23.02.2020

Od Elizabeth CD Etienne

Zwykle lubiłam wpadać po zajęciach na uczelni do jednej z kawiarni w centrum, żeby trochę odsapnąć, wypić dobrą kawę i pouczyć się, bez Aarona skaczącego dookoła mnie. Albo w sąsiednim pokoju z dziewczyną. Ostatnio obydwie sytuacje zdarzały się równie często. A ponieważ nie potrafiłam się skupić w takich warunkach - wybierałam kawiarnie. Dodatkowo ich atmosfera dobrze na mnie działała, lepiej mi się w nich myślało. Może to kwestia ciągle zmieniającego się otoczenia... W każdym razie - tak było zazwyczaj.

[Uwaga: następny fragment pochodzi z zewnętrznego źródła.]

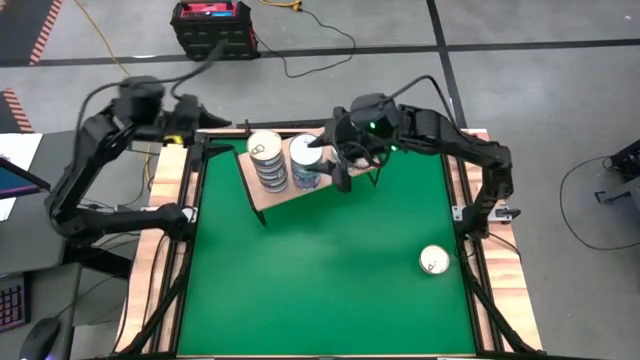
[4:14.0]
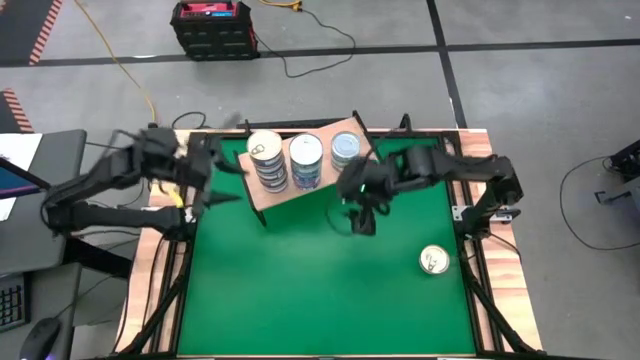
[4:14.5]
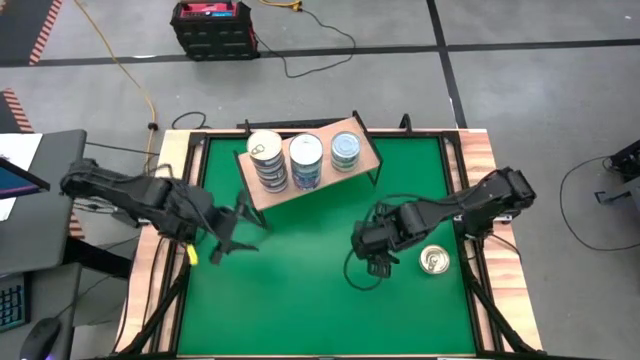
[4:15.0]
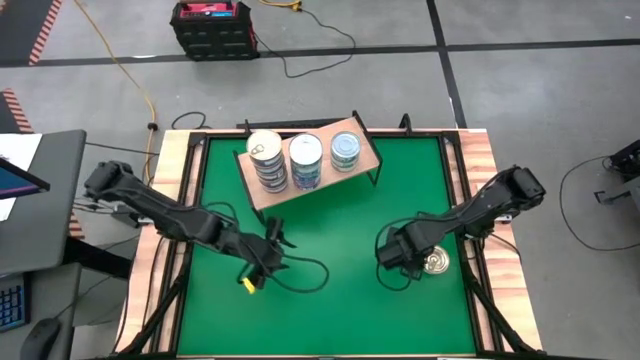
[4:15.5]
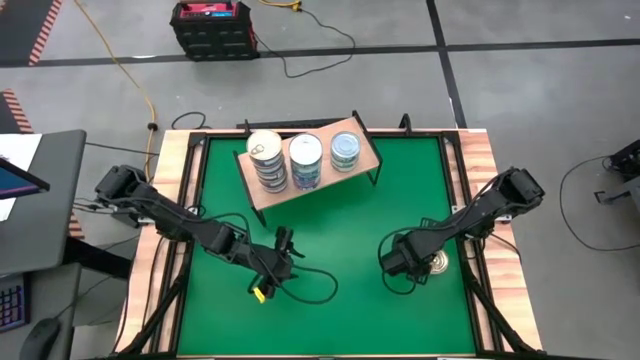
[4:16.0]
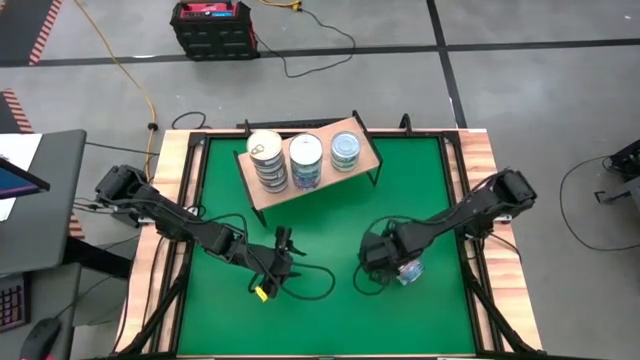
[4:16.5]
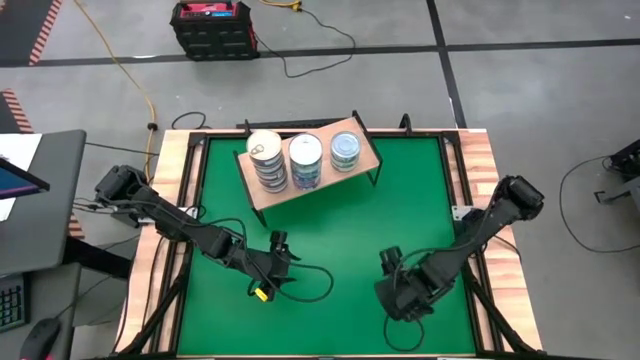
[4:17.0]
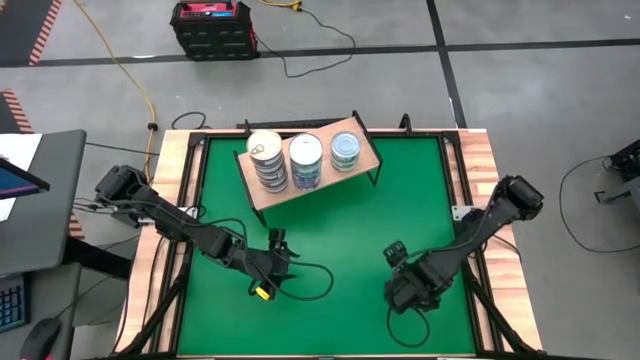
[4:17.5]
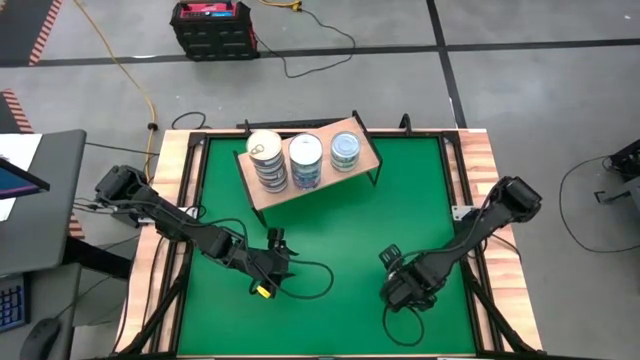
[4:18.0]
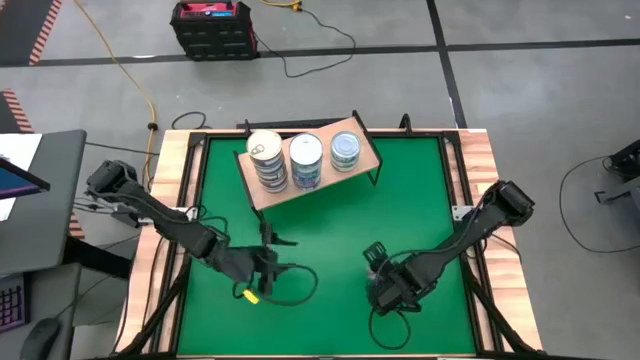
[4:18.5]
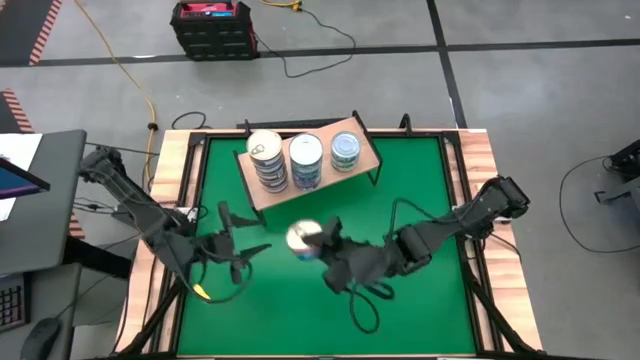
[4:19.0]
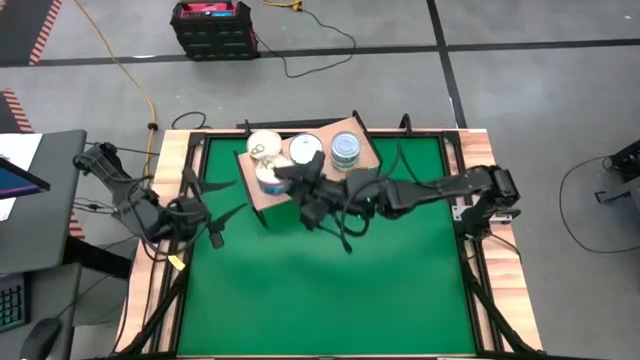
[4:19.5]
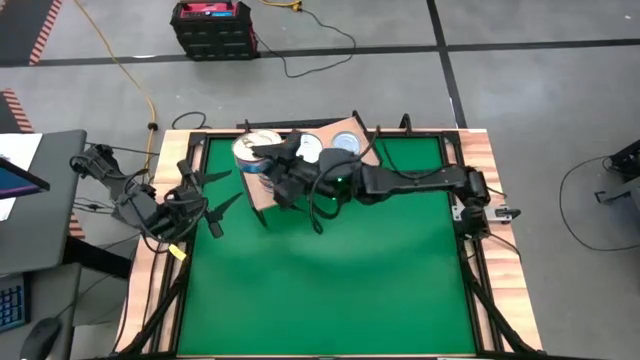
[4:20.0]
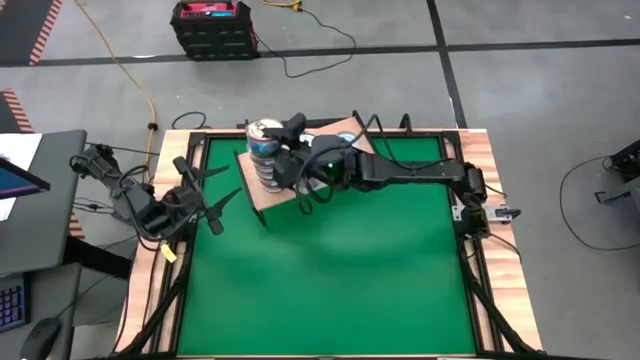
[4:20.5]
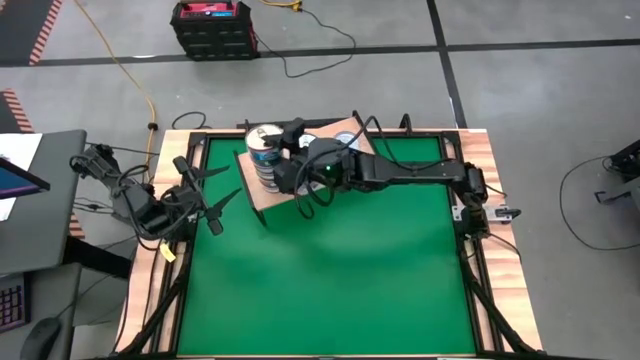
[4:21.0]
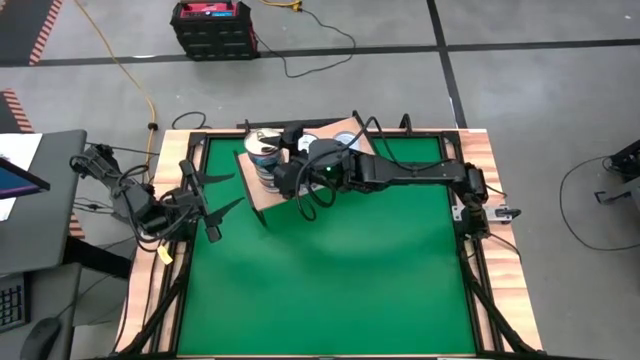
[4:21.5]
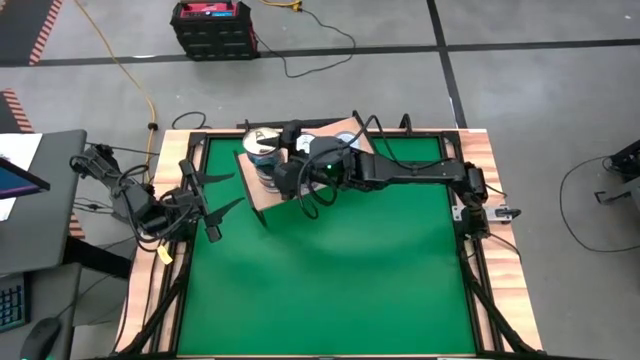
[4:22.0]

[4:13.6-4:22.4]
Stack the blue pink tuna can on top of the blue pink tuna can on the shelf

Bo gdy dzisiaj weszłam do pierwszej kawiarni, jaką napotkałam, zamiast przyjemnego szmeru cichych rozmów przywitała mnie kakofonia. Skrzywiłam się odruchowo i już chciałam odwrócić się na pięcie, by wyjść, jednak powstrzymało mnie szybkie spojrzenie na zegarek. Były godziny szczytu, wszyscy z okolicznych uczelni i budynków korporacji poschodzili się tu po pracy. Za pół godziny ruch powinien się rozładować, a ja naprawdę nie miałam ochoty wracać do mieszkania. Psy poradzą sobie jeszcze przez kilka godzin same, podczas gdy ja, zamknięta w czterech ścianach, mogłam nie dać rady.
Westchnęłam ciężko i ostatecznie przekroczyłam próg przepełnionej kawiarni.

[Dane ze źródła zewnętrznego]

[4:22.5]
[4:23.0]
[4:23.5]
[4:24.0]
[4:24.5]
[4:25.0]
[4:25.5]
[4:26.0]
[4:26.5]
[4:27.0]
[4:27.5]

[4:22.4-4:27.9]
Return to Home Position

Zamówiłam karmelowe frappuccino, w ostatniej chwili decydując się również na gofra belgijskiego. Poczekałam na zamówienie przy kontuarze, bo w panującym tu rozgardiaszu nie usłyszałabym, jak by je wywoływali. A gdy już je odebrałam... pozostała kwestia wolnego miejsca. Czy też raczej jego braku.
Chociaż, nie, po chwili spędzonej na lustrowaniu otoczenia dostrzegłam jedno wolne miejsce. Przy stoliku, przy którym siedział jakiś... dość ekscentrycznie się prowadzący mężczyzna. Miał prawie białe włosy. Podobały mi się.
Mimo to, nie miałam ochoty zagadywać. Niemniej lepsze to, niż sterczeć tam, gdzie stałam, z plastikowym kubkiem i talerzykiem w rękach... Jeszcze raz zlustrowałam otoczenie wzrokiem, a gdy wyszło na to, że zdecydowanie nie ma już żadnego innego miejsca, rozpoczęłam horendalnie trudną wędrówkę między stolikami i ludźmi. Zatrzymałam się przy upatrzonym miejscu.
- Wolne? - zapytałam. Nic. Mężczyzna nadal wpatrywał się w ekran laptopa, na którym coś zawzięcie wpisywał. Dopiero po chwili zobaczyłam, że ma bezprzewodowe słuchawki w uszach. Przewróciłam oczami. No tak. Nie słyszał.
Cóż, w sumie to jego problem. Najwyżej każe mi sobie pójść. Znosiłam już gorsze upokorzenia.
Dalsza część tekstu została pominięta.